● **YOUR OBJECTIVE**
From the listing below, pick out each line with the word "terminal".

● **SOURCE MATERIAL**
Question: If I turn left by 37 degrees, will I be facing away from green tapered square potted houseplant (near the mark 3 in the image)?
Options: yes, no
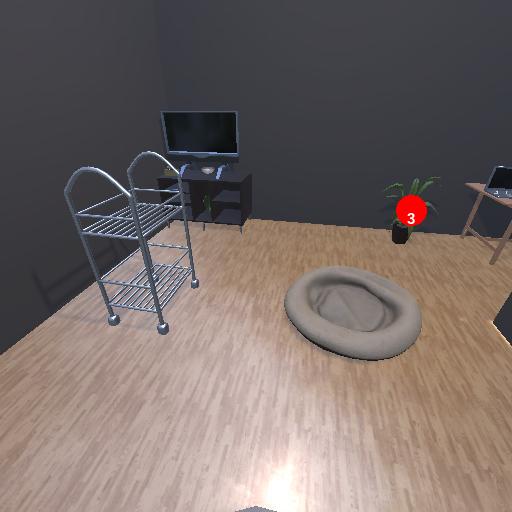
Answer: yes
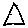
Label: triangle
---
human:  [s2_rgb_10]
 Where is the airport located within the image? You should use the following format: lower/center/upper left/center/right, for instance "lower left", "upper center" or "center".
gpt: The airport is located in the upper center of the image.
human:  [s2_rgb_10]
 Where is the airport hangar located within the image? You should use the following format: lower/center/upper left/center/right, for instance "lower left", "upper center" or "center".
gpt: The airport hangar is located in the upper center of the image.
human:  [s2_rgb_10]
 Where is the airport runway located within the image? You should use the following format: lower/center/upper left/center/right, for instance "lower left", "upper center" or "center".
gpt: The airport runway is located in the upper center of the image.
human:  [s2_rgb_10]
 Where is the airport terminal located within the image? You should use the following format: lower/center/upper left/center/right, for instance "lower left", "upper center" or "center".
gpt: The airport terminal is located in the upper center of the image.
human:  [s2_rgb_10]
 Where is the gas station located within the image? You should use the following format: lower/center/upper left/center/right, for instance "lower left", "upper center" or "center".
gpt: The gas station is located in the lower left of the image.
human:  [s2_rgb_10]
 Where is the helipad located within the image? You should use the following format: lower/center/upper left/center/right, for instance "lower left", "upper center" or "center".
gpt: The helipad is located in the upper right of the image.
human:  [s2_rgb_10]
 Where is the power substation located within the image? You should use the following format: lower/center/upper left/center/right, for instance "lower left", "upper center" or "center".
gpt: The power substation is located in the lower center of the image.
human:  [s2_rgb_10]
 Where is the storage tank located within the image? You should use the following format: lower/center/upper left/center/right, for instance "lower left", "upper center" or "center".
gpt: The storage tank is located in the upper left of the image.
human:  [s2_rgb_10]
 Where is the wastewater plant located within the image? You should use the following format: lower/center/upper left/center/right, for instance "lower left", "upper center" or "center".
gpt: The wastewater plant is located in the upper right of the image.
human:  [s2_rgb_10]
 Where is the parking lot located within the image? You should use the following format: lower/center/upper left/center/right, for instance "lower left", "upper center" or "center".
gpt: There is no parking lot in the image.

● **SOLUTION**
 Where is the airport terminal located within the image? You should use the following format: lower/center/upper left/center/right, for instance "lower left", "upper center" or "center".
gpt: The airport terminal is located in the upper center of the image.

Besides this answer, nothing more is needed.